On 22 July 1945 while playing in his ship’s Rugby team against HMAS Echuca, Alan’s left ankle was fractured. He was drafted ashore the next day to the Darwin Depot HMAS Melville for ongoing medical treatment. Sent south to South Australia for rehabilitation, he was admitted as a patient at the 105th Australian General Hospital at Daws Road, on 27 August until released to HMAS Torrens on 19 November. Drafted to the Sydney area from mid December 1945 he spent short periods at the depots HMAS Penguin and HMAS Watson, before returning to South Australia in early March. Alan was discharged from the Royal Australian Navy on 20 March 1946. He was later awarded the 1939-1945 Star, the Pacific Star, the War Medal 1939-1945 and the Australia Service Medal 1939-1945.

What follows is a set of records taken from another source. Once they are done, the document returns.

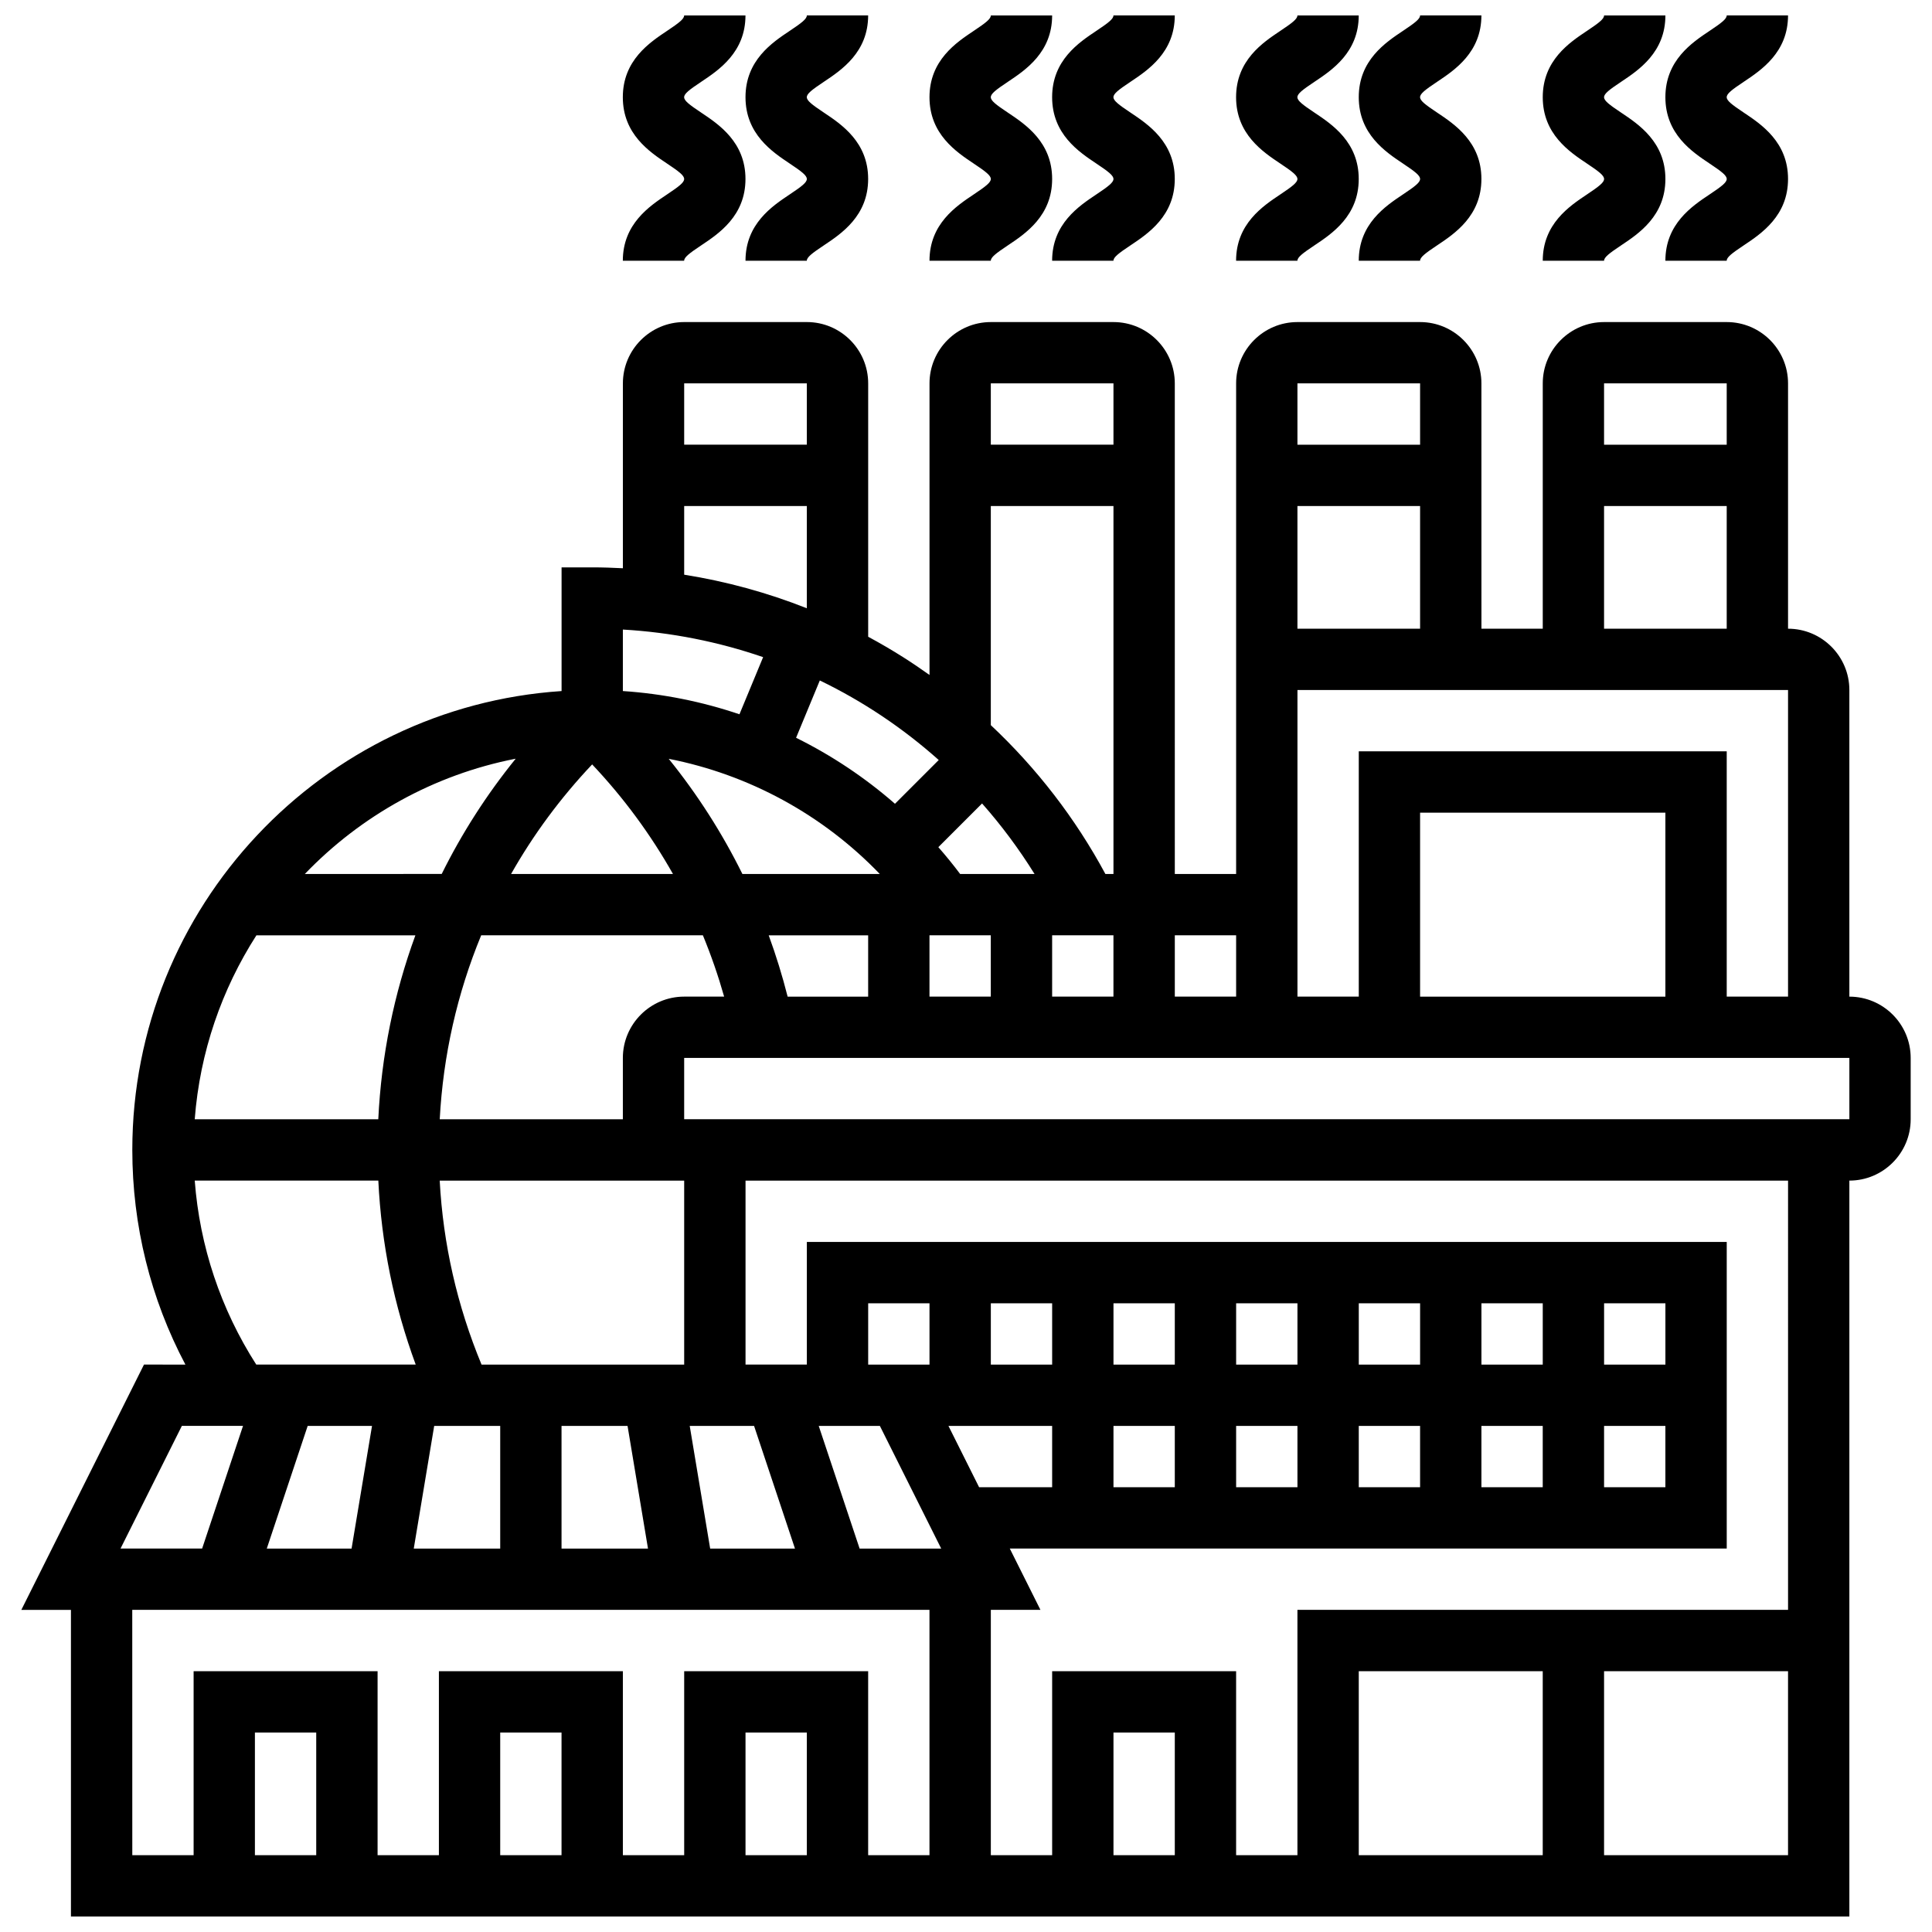 <?xml version="1.0" encoding="UTF-8"?>
<!-- Uploaded to: ICON Repo, www.svgrepo.com, Generator: ICON Repo Mixer Tools -->
<svg width="800px" height="800px" version="1.1" viewBox="144 144 512 512" xmlns="http://www.w3.org/2000/svg">
 <defs>
  <clipPath id="i">
   <path d="m149 229h502v422.9h-502z"/>
  </clipPath>
  <clipPath id="h">
   <path d="m309 148.09h33v65.906h-33z"/>
  </clipPath>
  <clipPath id="g">
   <path d="m341 148.09h34v65.906h-34z"/>
  </clipPath>
  <clipPath id="f">
   <path d="m390 148.09h33v65.906h-33z"/>
  </clipPath>
  <clipPath id="e">
   <path d="m422 148.09h34v65.906h-34z"/>
  </clipPath>
  <clipPath id="d">
   <path d="m471 148.09h34v65.906h-34z"/>
  </clipPath>
  <clipPath id="c">
   <path d="m504 148.09h33v65.906h-33z"/>
  </clipPath>
  <clipPath id="b">
   <path d="m552 148.09h34v65.906h-34z"/>
  </clipPath>
  <clipPath id="a">
   <path d="m585 148.09h33v65.906h-33z"/>
  </clipPath>
 </defs>
 <g>
  <g clip-path="url(#i)">
   <path d="m634.1 408.12v-81.258c0-8.961-7.293-16.25-16.25-16.25v-65.012c0-8.961-7.293-16.25-16.25-16.25h-32.504c-8.961 0-16.25 7.293-16.25 16.25v65.008h-16.25l-0.008-65.008c0-8.961-7.293-16.25-16.25-16.25h-32.504c-8.961 0-16.25 7.293-16.25 16.25v130.02h-16.25l-0.004-130.02c0-8.961-7.293-16.25-16.25-16.25h-32.504c-8.961 0-16.25 7.293-16.25 16.25v77.273c-2.273-1.617-4.582-3.191-6.949-4.691-3.043-1.926-6.148-3.738-9.305-5.438v-67.145c0-8.961-7.293-16.25-16.25-16.25h-32.504c-8.961 0-16.25 7.293-16.25 16.25v48.992c-2.699-0.141-5.41-0.234-8.125-0.234h-8.125v32.781c-63.434 4.195-113.76 57.133-113.76 121.61 0 20.035 4.84 39.434 14.07 56.883l-10.977-0.004-32.504 65.008h13.148v81.258h471.3v-195.02c8.961 0 16.25-7.293 16.25-16.25v-16.25c0.004-8.965-7.285-16.254-16.25-16.254zm-32.504-162.52v16.25h-32.504v-16.25zm-32.504 32.504h32.504v32.504h-32.504zm-81.258 32.504v-32.504h32.504v32.504zm32.504-65.008v16.25h-32.504v-16.25zm97.512 81.258v81.258h-16.25v-65.008h-97.512v65.008h-16.25v-81.258zm-32.504 81.262h-65.008v-48.754h65.008zm-113.76-16.254v16.25h-16.25v-16.25zm-99.781 162.52-10.836-32.504h16.207l16.25 32.504zm23.543-32.504h27.48v16.25h-19.355zm43.734 0h16.25v16.25h-16.25zm32.504 0h16.25v16.25h-16.25zm32.5 0h16.25v16.25h-16.25zm32.504 0h16.25v16.25h-16.25zm32.504 0h16.25v16.25h-16.25zm16.254-16.25h-16.25v-16.25h16.25zm-32.504 0h-16.25v-16.25h16.25zm-32.504 0h-16.25v-16.25h16.25zm-32.504 0h-16.25v-16.25h16.25zm-32.504 0h-16.25v-16.25h16.25zm-32.504 0h-16.25v-16.25h16.25zm-32.504 0h-16.25v-16.25h16.25zm-46.488 16.25 10.836 32.504h-22.473l-5.418-32.504zm-101.25 0-5.418 32.504h-22.469l10.836-32.504zm16.477 0h17.496v32.504h-22.91zm33.746 0h17.496l5.418 32.504h-22.91zm32.504-16.25h-53.699c-6.465-15.594-10.188-31.938-11.09-48.754h64.789zm-129.71-65.008c1.363-17.852 7.184-34.473 16.348-48.754h42.129c-5.676 15.5-9.02 31.895-9.832 48.754zm113.46-16.254v16.25h-48.531c0.906-16.965 4.641-33.398 10.988-48.754h58.75c2.184 5.289 4.062 10.715 5.633 16.25h-10.59c-8.961 0.004-16.25 7.293-16.25 16.254zm68.09-48.754h-36.41c-5.356-10.84-11.895-21.07-19.531-30.523 21.289 4.172 40.855 14.824 55.941 30.523zm27.102-18.691c5.106 5.769 9.762 12.02 13.91 18.691h-19.719c-1.84-2.453-3.769-4.82-5.777-7.109zm-103.33-10.348c8.344 8.828 15.516 18.578 21.418 29.039h-42.902c5.887-10.406 13.082-20.152 21.484-29.039zm51.805 61.543c-1.398-5.519-3.07-10.941-5.016-16.25h26.355v16.25zm37.59-16.254h16.25v16.25h-16.25zm32.504 0h16.25v16.25h-16.25zm16.254-146.27v16.25h-32.504v-16.25zm-32.504 32.504h32.504v97.512h-2.141c-7.941-14.746-18.215-28.043-30.363-39.441zm-13.801 67.312-11.598 11.598c-7.969-6.961-16.785-12.828-26.207-17.492l6.289-15.188c11.426 5.519 22.023 12.617 31.516 21.082zm-34.957-99.816v16.25h-32.504v-16.25zm-32.504 32.504h32.504v27.098c-10.465-4.144-21.359-7.125-32.504-8.898zm20.922 40.051-6.273 15.141c-9.906-3.356-20.285-5.449-30.898-6.156v-16.297c12.871 0.738 25.348 3.246 37.172 7.312zm-65.57 26.914c-7.703 9.508-14.262 19.742-19.609 30.543l-36.273 0.004c14.773-15.379 34.148-26.301 55.883-30.547zm-85.059 111.8h48.652c0.809 16.742 4.129 33.07 9.906 48.754l-42.258 0.004c-9.422-14.703-14.98-31.355-16.301-48.758zm-3.41 65.008h16.207l-10.836 32.504h-21.625zm-13.148 48.758h211.27v65.008h-16.25v-48.754h-48.754v48.754h-16.25v-48.754h-48.754v48.754h-16.25v-48.754h-48.754v48.754h-16.25zm178.77 65.008h-16.25v-32.504h16.25zm-65.008 0h-16.25v-32.504h16.25zm-65.008 0h-16.25v-32.504h16.25zm227.53 0h-16.25v-32.504h16.25zm48.754 0v-48.754h48.754v48.754zm65.008 0v-48.754h48.754v48.754zm48.758-65.008h-130.02v65.008h-16.25v-48.754h-48.754v48.754h-16.25v-65.008h13.148l-8.125-16.25h190v-81.258h-243.78v32.504h-16.25v-48.754h276.28zm16.25-130.02h-308.79v-16.25h308.79z"/>
  </g>
  <g clip-path="url(#h)">
   <path d="m320.8 195.51c-4.676 3.117-11.746 7.828-11.746 17.594h16.25c0-0.918 1.328-1.953 4.508-4.07 4.676-3.117 11.746-7.828 11.746-17.598 0-9.766-7.066-14.477-11.746-17.598-3.18-2.117-4.508-3.152-4.508-4.074s1.328-1.957 4.508-4.074c4.676-3.117 11.746-7.828 11.746-17.598h-16.25c0 0.922-1.328 1.953-4.508 4.074-4.676 3.117-11.746 7.828-11.746 17.598 0 9.766 7.066 14.477 11.746 17.598 3.18 2.117 4.508 3.152 4.508 4.074s-1.328 1.953-4.508 4.074z"/>
  </g>
  <g clip-path="url(#g)">
   <path d="m353.31 187.36c3.18 2.117 4.508 3.152 4.508 4.074 0 0.918-1.328 1.953-4.508 4.07-4.676 3.117-11.746 7.828-11.746 17.594h16.25c0-0.918 1.328-1.953 4.508-4.07 4.676-3.117 11.746-7.828 11.746-17.598 0-9.766-7.066-14.477-11.746-17.598-3.18-2.117-4.508-3.152-4.508-4.074 0-0.922 1.328-1.957 4.508-4.074 4.676-3.117 11.746-7.828 11.746-17.598h-16.25c0 0.922-1.328 1.953-4.508 4.074-4.676 3.117-11.746 7.828-11.746 17.598 0.004 9.773 7.07 14.484 11.746 17.602z"/>
  </g>
  <g clip-path="url(#f)">
   <path d="m402.07 195.51c-4.676 3.117-11.746 7.828-11.746 17.594h16.25c0-0.918 1.328-1.953 4.508-4.07 4.676-3.117 11.746-7.828 11.746-17.598 0-9.766-7.066-14.477-11.746-17.598-3.18-2.117-4.508-3.152-4.508-4.074s1.328-1.957 4.508-4.074c4.676-3.117 11.746-7.828 11.746-17.598h-16.25c0 0.922-1.328 1.953-4.508 4.074-4.676 3.117-11.746 7.828-11.746 17.598 0 9.766 7.066 14.477 11.746 17.598 3.18 2.117 4.508 3.152 4.508 4.074s-1.332 1.953-4.508 4.074z"/>
  </g>
  <g clip-path="url(#e)">
   <path d="m434.57 187.36c3.18 2.117 4.508 3.152 4.508 4.074 0 0.918-1.328 1.953-4.508 4.07-4.676 3.117-11.746 7.828-11.746 17.594h16.25c0-0.918 1.328-1.953 4.508-4.07 4.676-3.117 11.746-7.828 11.746-17.598 0-9.766-7.066-14.477-11.746-17.598-3.18-2.117-4.508-3.152-4.508-4.074 0-0.922 1.328-1.957 4.508-4.074 4.676-3.117 11.746-7.828 11.746-17.598h-16.25c0 0.922-1.328 1.953-4.508 4.074-4.676 3.117-11.746 7.828-11.746 17.598 0 9.773 7.066 14.484 11.746 17.602z"/>
  </g>
  <g clip-path="url(#d)">
   <path d="m483.32 195.51c-4.676 3.117-11.746 7.828-11.746 17.594h16.25c0-0.918 1.328-1.953 4.508-4.07 4.676-3.117 11.746-7.828 11.746-17.598 0-9.766-7.066-14.477-11.746-17.598-3.18-2.117-4.508-3.152-4.508-4.074s1.328-1.957 4.508-4.074c4.676-3.117 11.746-7.828 11.746-17.598h-16.25c0 0.922-1.328 1.953-4.508 4.074-4.676 3.117-11.746 7.828-11.746 17.598 0 9.766 7.066 14.477 11.746 17.598 3.18 2.117 4.508 3.152 4.508 4.074s-1.328 1.953-4.508 4.074z"/>
  </g>
  <g clip-path="url(#c)">
   <path d="m515.83 187.36c3.18 2.117 4.508 3.152 4.508 4.074 0 0.918-1.328 1.953-4.508 4.07-4.676 3.117-11.746 7.828-11.746 17.594h16.25c0-0.918 1.328-1.953 4.508-4.07 4.676-3.117 11.746-7.828 11.746-17.598 0-9.766-7.066-14.477-11.746-17.598-3.18-2.117-4.508-3.152-4.508-4.074 0-0.922 1.328-1.957 4.508-4.074 4.676-3.117 11.746-7.828 11.746-17.598h-16.25c0 0.922-1.328 1.953-4.508 4.074-4.676 3.117-11.746 7.828-11.746 17.598 0 9.773 7.07 14.484 11.746 17.602z"/>
  </g>
  <g clip-path="url(#b)">
   <path d="m564.59 195.51c-4.676 3.117-11.746 7.828-11.746 17.594h16.25c0-0.918 1.328-1.953 4.508-4.07 4.676-3.117 11.746-7.828 11.746-17.598 0-9.766-7.066-14.477-11.746-17.598-3.18-2.117-4.508-3.152-4.508-4.074s1.328-1.957 4.508-4.074c4.676-3.117 11.746-7.828 11.746-17.598h-16.25c0 0.922-1.328 1.953-4.508 4.074-4.676 3.117-11.746 7.828-11.746 17.598 0 9.766 7.066 14.477 11.746 17.598 3.18 2.117 4.508 3.152 4.508 4.074-0.004 0.922-1.332 1.953-4.508 4.074z"/>
  </g>
  <g clip-path="url(#a)">
   <path d="m597.09 187.36c3.18 2.117 4.508 3.152 4.508 4.074 0 0.918-1.328 1.953-4.508 4.07-4.676 3.117-11.746 7.828-11.746 17.594h16.25c0-0.918 1.328-1.953 4.508-4.07 4.676-3.117 11.746-7.828 11.746-17.598 0-9.766-7.066-14.477-11.746-17.598-3.18-2.117-4.508-3.152-4.508-4.074 0-0.922 1.328-1.957 4.508-4.074 4.676-3.117 11.746-7.828 11.746-17.598h-16.25c0 0.922-1.328 1.953-4.508 4.074-4.676 3.117-11.746 7.828-11.746 17.598 0 9.773 7.066 14.484 11.746 17.602z"/>
  </g>
 </g>
</svg>

On discharge, a serviceman was offered ten pounds to purchase tools-of-trade, but Alan chose not to claim the money. His father, upon learning this, declared Alan “mad” as he could have purchased some fishing nets with the money. Alan resumed fishing with his father, and later with other local skippers. After a stint working for local builder Ivan BARTEL, Alan joined local building supply firm Wool Bay Lime where he remained for 23 years, rising to the position of manager.
On 25 September 1948, Alan married Patricia Ellen WALTERS and there were three children of the marriage.
Alan William Jenkins died on 31 May 2006, age 81. He is buried in the Victor Harbor Cemetery.